## WORK TASK
Although the entries contain pictures, the copy should hold only their exact text.

(Records from a dataset)

*** Block opens ***

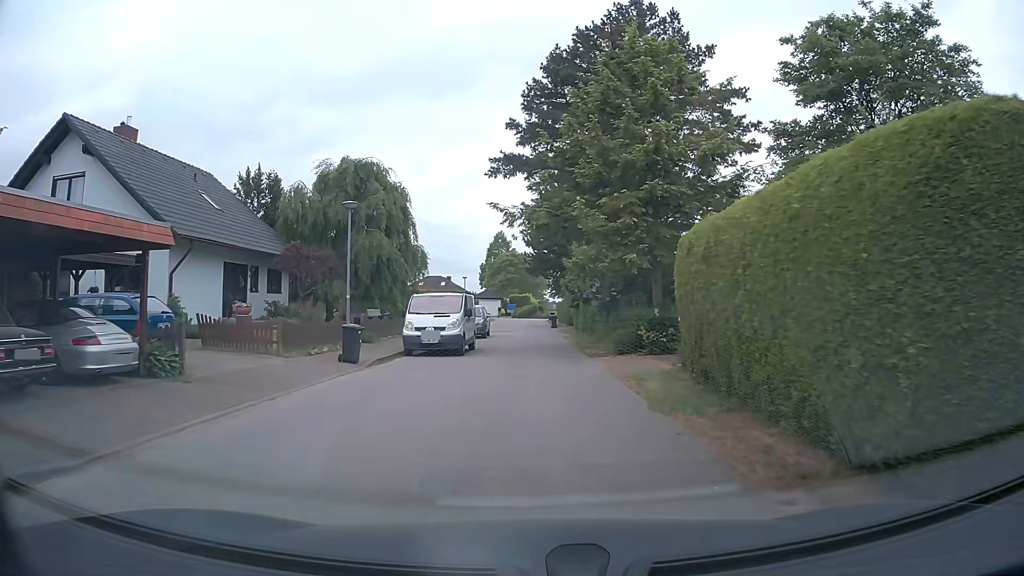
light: Day
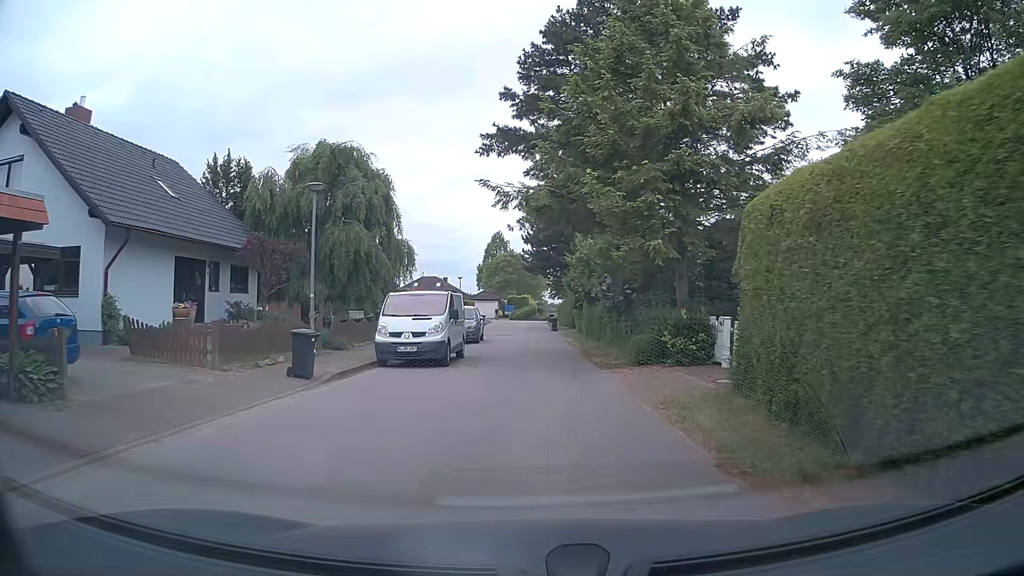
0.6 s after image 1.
(0.0, +3.6) m; +1°
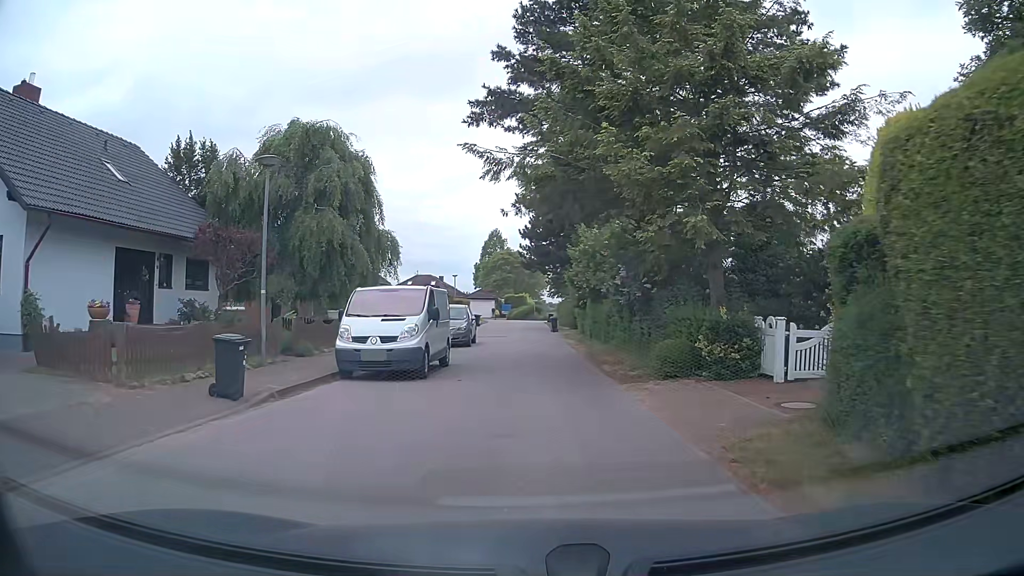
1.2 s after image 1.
(0.0, +3.4) m; 0°
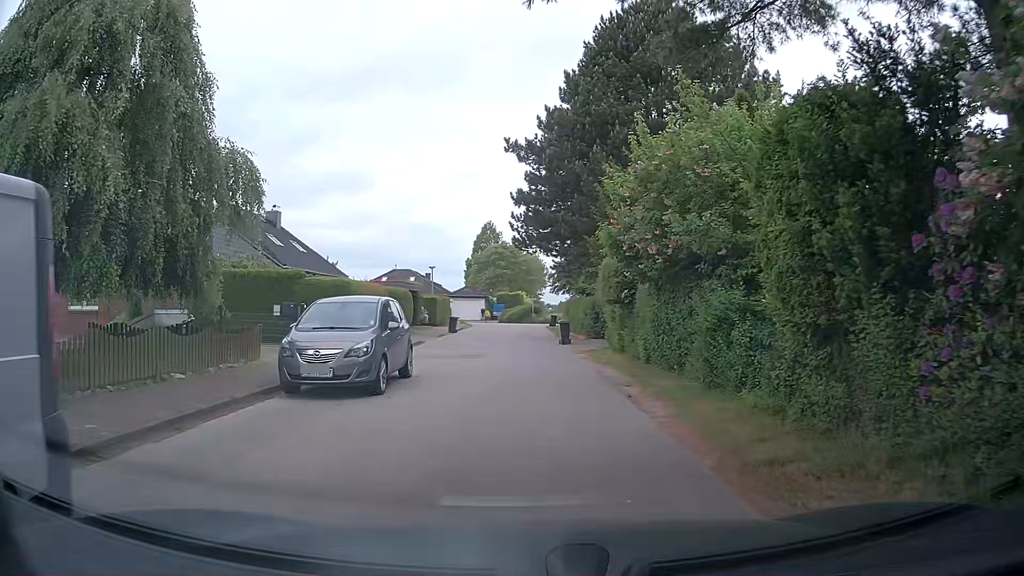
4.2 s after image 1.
(-0.1, +15.2) m; 0°
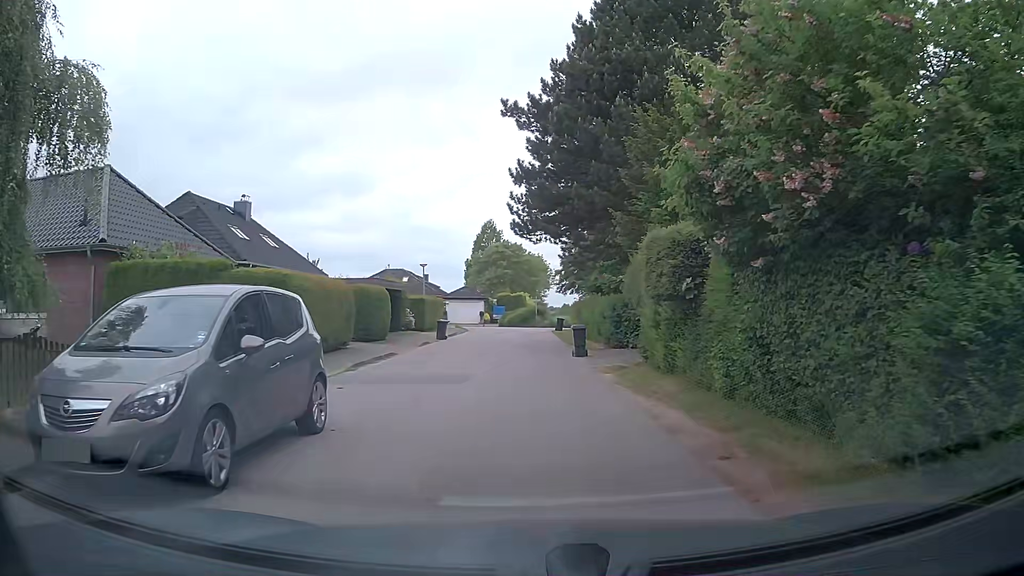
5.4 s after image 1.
(0.0, +6.2) m; 0°
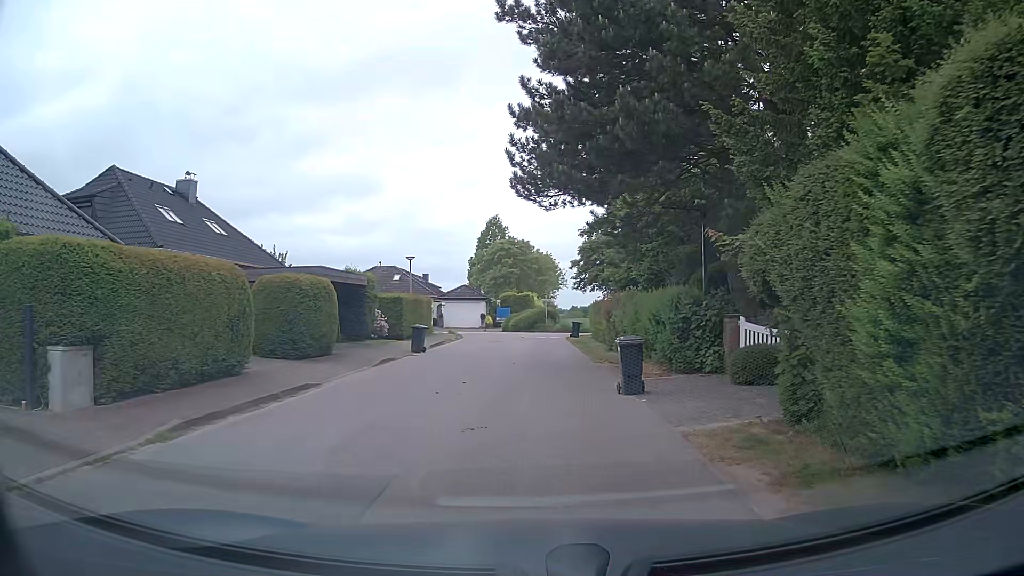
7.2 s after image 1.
(-0.1, +8.8) m; -1°
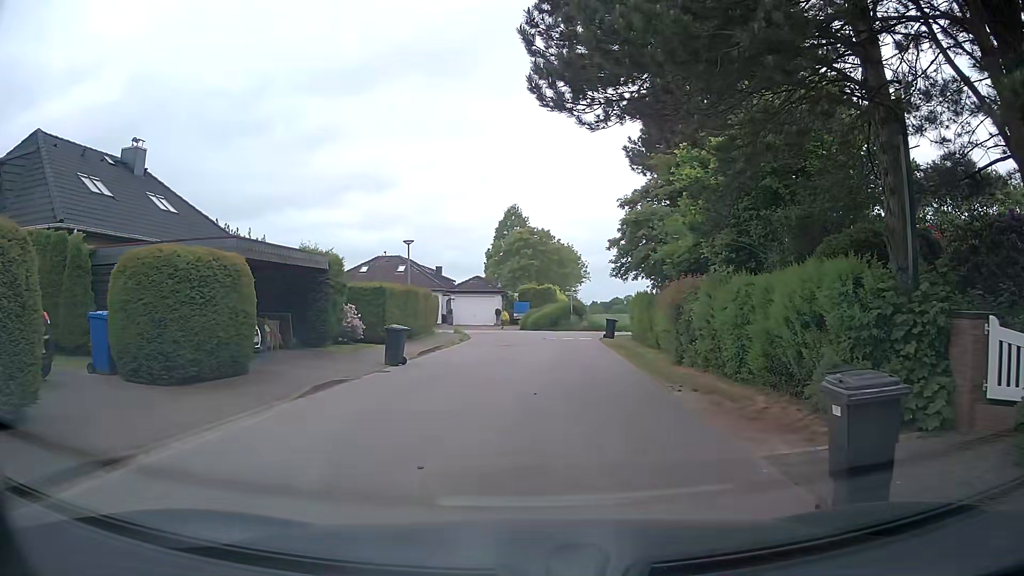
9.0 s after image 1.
(-0.1, +7.2) m; 0°
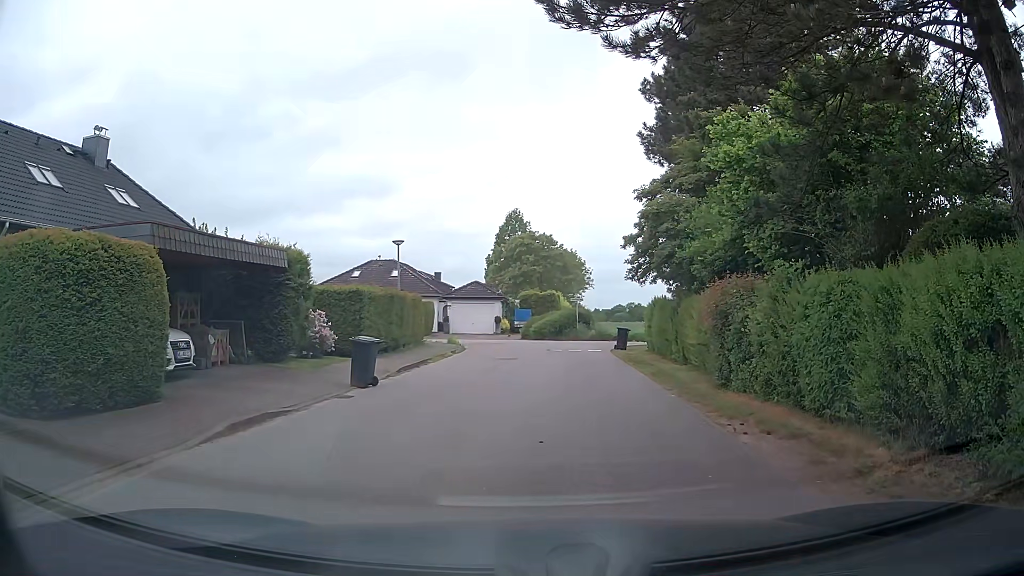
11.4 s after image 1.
(-0.1, +3.2) m; -1°

*** Block closes ***

## ANSWER TO THE PROBLEM
light: Day
0.6 s after image 1.
(0.0, +3.6) m; +1°
1.2 s after image 1.
(0.0, +3.4) m; 0°
4.2 s after image 1.
(-0.1, +15.2) m; 0°
5.4 s after image 1.
(0.0, +6.2) m; 0°
7.2 s after image 1.
(-0.1, +8.8) m; -1°
9.0 s after image 1.
(-0.1, +7.2) m; 0°
11.4 s after image 1.
(-0.1, +3.2) m; -1°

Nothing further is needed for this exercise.